Древний Китай. Том 2: Период Чуньцю (VIII-V вв. до н.э.)
Шрифт:
Можно было бы всерьез считать, что Гуань Чжун не хотел нарушать сложившийся ритуальный церемониал, как он о том говорил, если верить Сыма Цяню (нет необходимых подношений, и потому нельзя вместо вана или помимо него приносить жертвы Небу). Но Гуань Чжун, по словам Конфуция, относившегося к нему явно без особых пристрастий, не принадлежал к числу тех, кто чересчур высоко ценил и соблюдал ритуал [94, II, 22; 212, т. I, с. 26–27; 243, с. 99100], хотя поведение его в столице вана, включая упорный отказ не соглашаться на церемониал, которому он по его рангу не соответствовал, заставляет сомневаться в этом.

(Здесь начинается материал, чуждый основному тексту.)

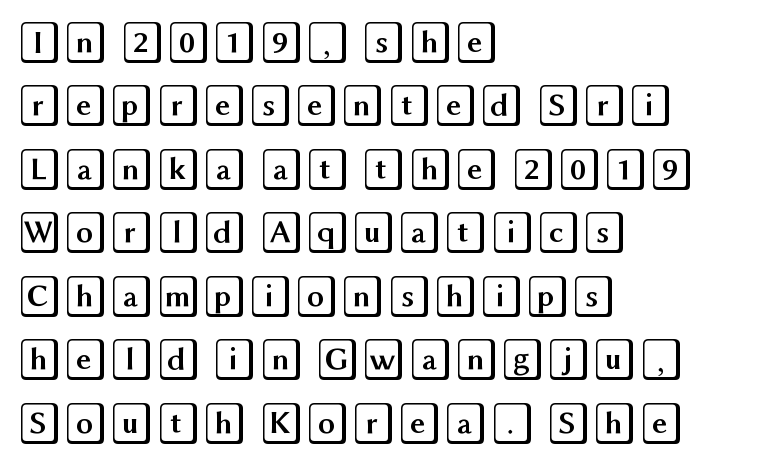
Q: Is the text italic (slanted)? A: No, it is upright.
Q: Is the text underlined? A: No.
Q: How is the paragraph aligned? A: Left-aligned.
Q: Is the spacing between letters normal or unusually wide? A: Normal.
Q: Is the spacing between lines tight, normal or loose? A: Normal.
Q: Width (condensed, normal, or wide)? A: Wide.
Q: x-height? A: Large.
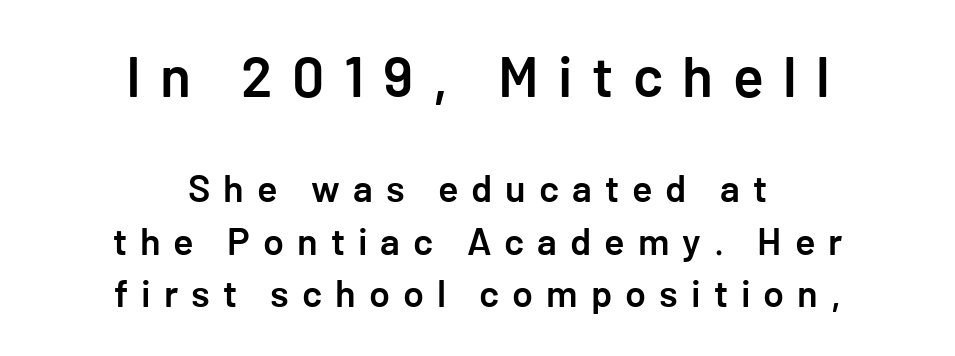
{"serif": "no", "italic": "no", "bold": "semi", "weight": "semibold", "width": "normal", "stroke_contrast": "low", "x_height": "medium", "underline": "no", "align": "center", "line_spacing": "normal", "line_spacing_ratio": 1.38, "letter_spacing": "wide", "letter_spacing_em": 0.34, "larger_block": "first", "size_ratio": 1.5, "glyph_px": 57}
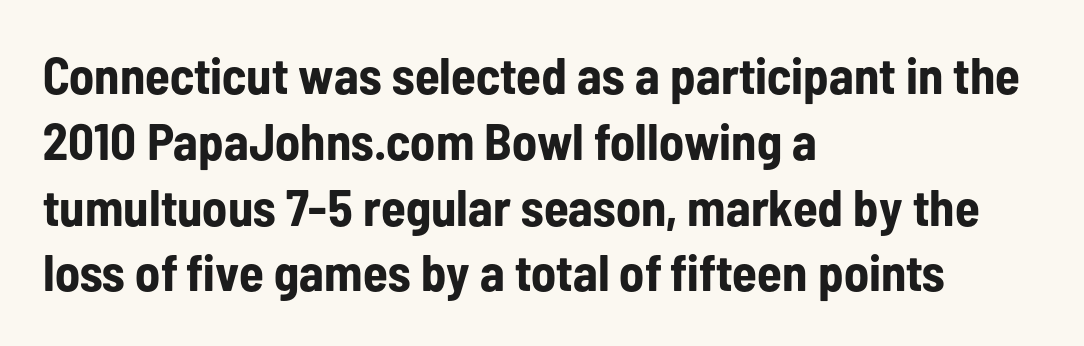
The image shows 51 px bold, condensed sans-serif type, upright; set left-aligned, normal line spacing (1.29x), normal letter spacing, not underlined; low stroke contrast and a medium x-height.
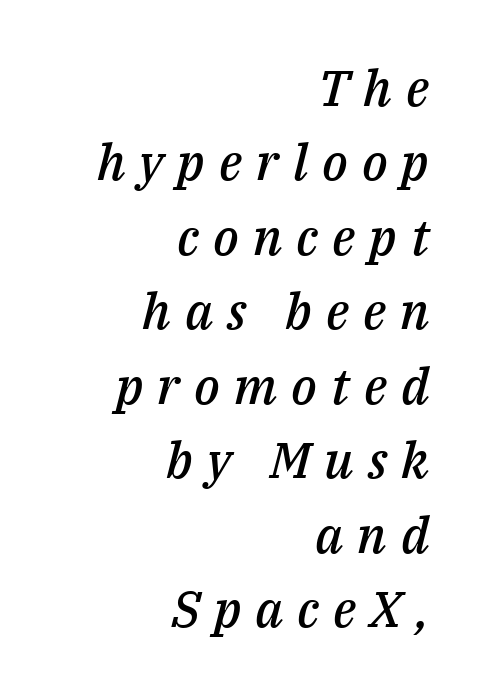
The image shows 50 px semibold type, italic (leaning right); set right-aligned, normal line spacing (1.49x), unusually wide letter spacing (+0.28 em), not underlined; medium stroke contrast and a medium x-height.
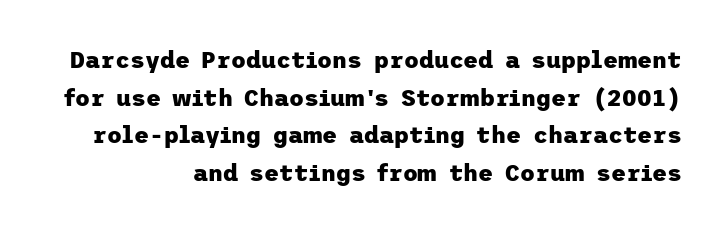
I'd describe the lettering as bold — thick and assertive. Visually the block forms a straight wall on the right and a jagged coastline on the left. The horizontal fit of the characters is conventional and even. Only glyphs here, with clear space below each row. A typesetter would mark this as roman, not italic. This block has exactly the height ordinary leading produces.
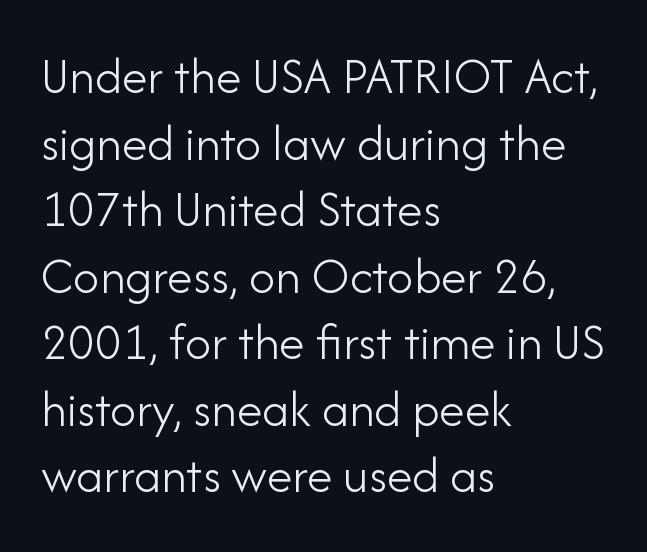
Students, note that the glyphs here touch the page at normal intervals. Teacher's note: observe the even left margin — that is flush-left alignment. Ascenders rise straight up at ninety degrees. The letters look calm and open, with moderate or lighter stems.
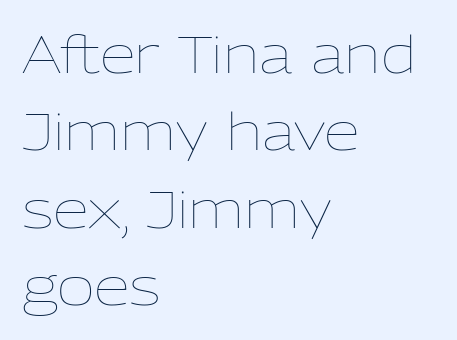
Q: Is the text bold? A: No.
Q: Is the text italic (slanted)? A: No, it is upright.
Q: Is the text underlined? A: No.
Q: How is the paragraph aligned? A: Left-aligned.
Q: Is the spacing between letters normal or unusually wide? A: Normal.
Q: Is the spacing between lines tight, normal or loose? A: Normal.
Q: Width (condensed, normal, or wide)? A: Normal.
Q: Stroke contrast? A: Low.
Q: x-height? A: Medium.
Q: Monospaced? A: No.
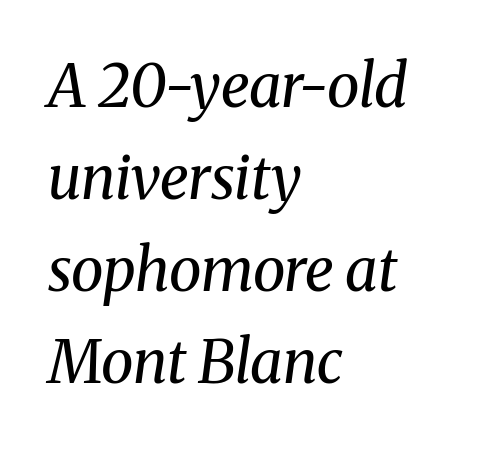
The image shows 59 px regular-weight serif type, italic (leaning right); set left-aligned, normal line spacing (1.56x), normal letter spacing, not underlined; medium stroke contrast and a medium x-height.
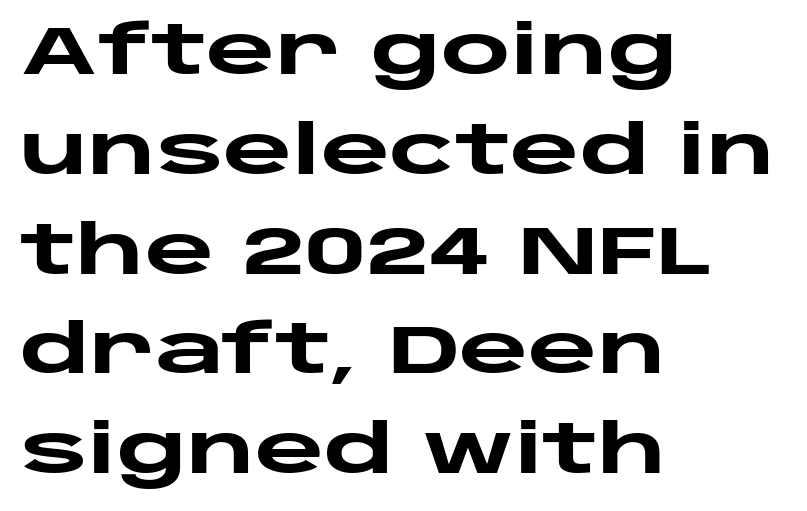
The image shows 67 px heavy, wide sans-serif type, upright; set left-aligned, normal line spacing (1.49x), normal letter spacing, not underlined; low stroke contrast and a large x-height.
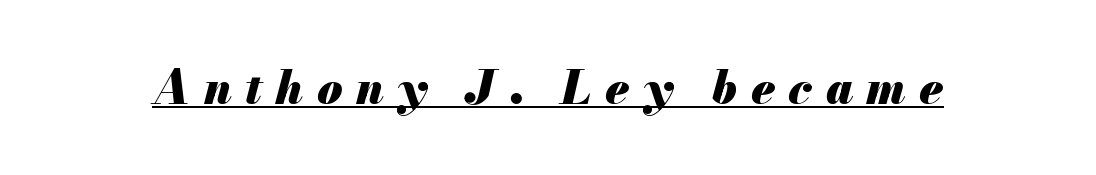
Q: Is the text bold? A: Yes.
Q: Is the text italic (slanted)? A: Yes, it leans right by about 13 degrees.
Q: Is the text underlined? A: Yes.
Q: Is the spacing between letters normal or unusually wide? A: Unusually wide.
Q: Width (condensed, normal, or wide)? A: Normal.
Q: Stroke contrast? A: Medium.
Q: x-height? A: Small.
Q: Monospaced? A: No.
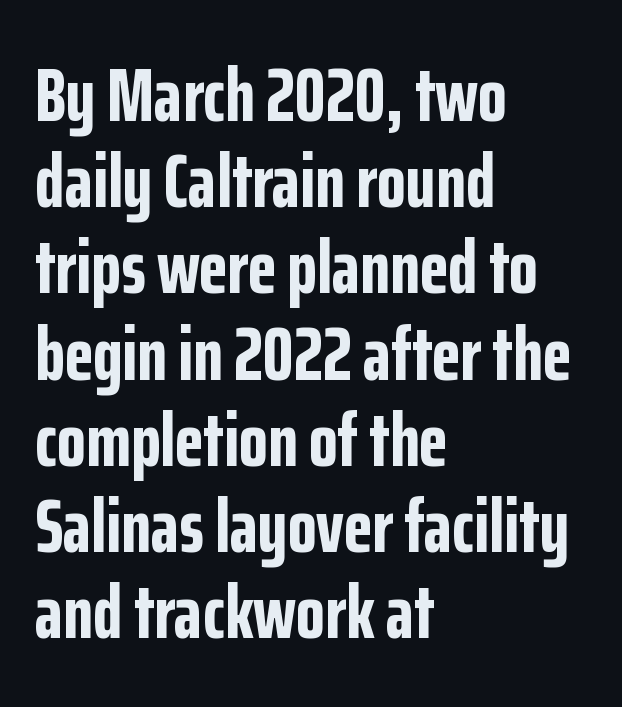
{"serif": "no", "italic": "no", "bold": "yes", "weight": "bold", "width": "condensed", "stroke_contrast": "low", "x_height": "medium", "monospaced": "no", "underline": "no", "align": "left", "line_spacing": "tight", "line_spacing_ratio": 1.15, "letter_spacing": "normal", "letter_spacing_em": 0.0, "glyph_px": 75}
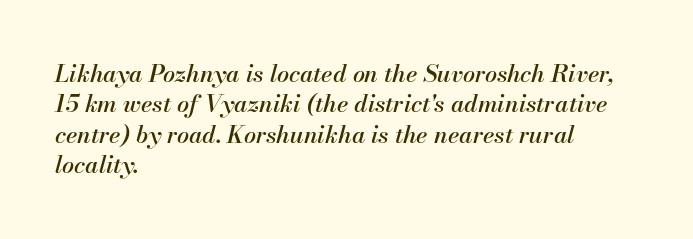
Look at the tracking — it's just the regular setting, nothing added. The designer left line spacing at the default. This is oblique type, the kind used for emphasis or titles. These lines stack with their left ends in a neat column. Lines of text with bare space underneath.
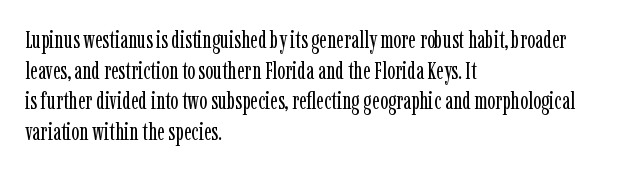
Q: Is the text bold? A: No.
Q: Is the text italic (slanted)? A: No, it is upright.
Q: Is the text underlined? A: No.
Q: How is the paragraph aligned? A: Left-aligned.
Q: Is the spacing between letters normal or unusually wide? A: Normal.
Q: Is the spacing between lines tight, normal or loose? A: Normal.
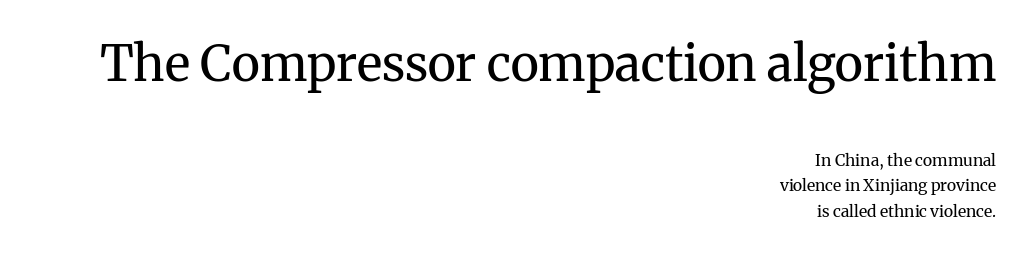
Q: Is the text bold? A: No.
Q: Is the text italic (slanted)? A: No, it is upright.
Q: Is the typeface a serif or a sans-serif typeface? A: Serif.
Q: Is the text underlined? A: No.
Q: How is the paragraph aligned? A: Right-aligned.
Q: Is the spacing between letters normal or unusually wide? A: Normal.
Q: Is the spacing between lines tight, normal or loose? A: Normal.
Q: Which block of text is set in a larger size, the first (top) or the second (bottom)? A: The first (top) one.
Q: Width (condensed, normal, or wide)? A: Normal.
Q: Stroke contrast? A: Medium.
Q: x-height? A: Medium.
Q: Monospaced? A: No.

И все же, скорее всего, Конфуций был прав в своих оценках хотя бы в том смысле, что необходимость блюсти ритуальный церемониал сама по себе не остановила бы Гуань Чжуна от выполнения намеченных
Единственный ответ, который может быть воспринят в качестве объясняющего столь неясную ситуацию, сводится к тому, что мудрый Гуань Чжун не верил в успех политического переворота и боялся связанных с ним осложнений, грозивших погубить все то, что с таким трудом было им создано за несколько десятилетий тяжелого труда. Не исключено, что к концу жизни, когда желания Хуань-гуна были четко сформулированы (он уже девять раз собирал совещания чжухоу), соотношение сил и симпатий — вопреки тому, что утверждает «Го юй» по этому поводу, — было не столь уж очевидно в пользу гегемона из Ци. Не исключено, что его боялись намного больше, нежели любили и уважали. Не исключено, что чжухоу не желали вместо слабого чжоуского вана иметь дело с сильным циским ваном и умели достаточно ясно, хотя и не впрямую, это показать. Не исключено, наконец, что не последнюю роль в создании общего настроения сыграл и чжоуский ван, посланец которого в 651 г. до н. э. отсоветовал опаздывавшему цзиньскому Сянь-гуну ехать на съезд чжухоу в Куйцю именно под тем предлогом, что-де Хуань-гун «стал очень высокомерным» [103, гл. 32; 71, т. V, с. 49].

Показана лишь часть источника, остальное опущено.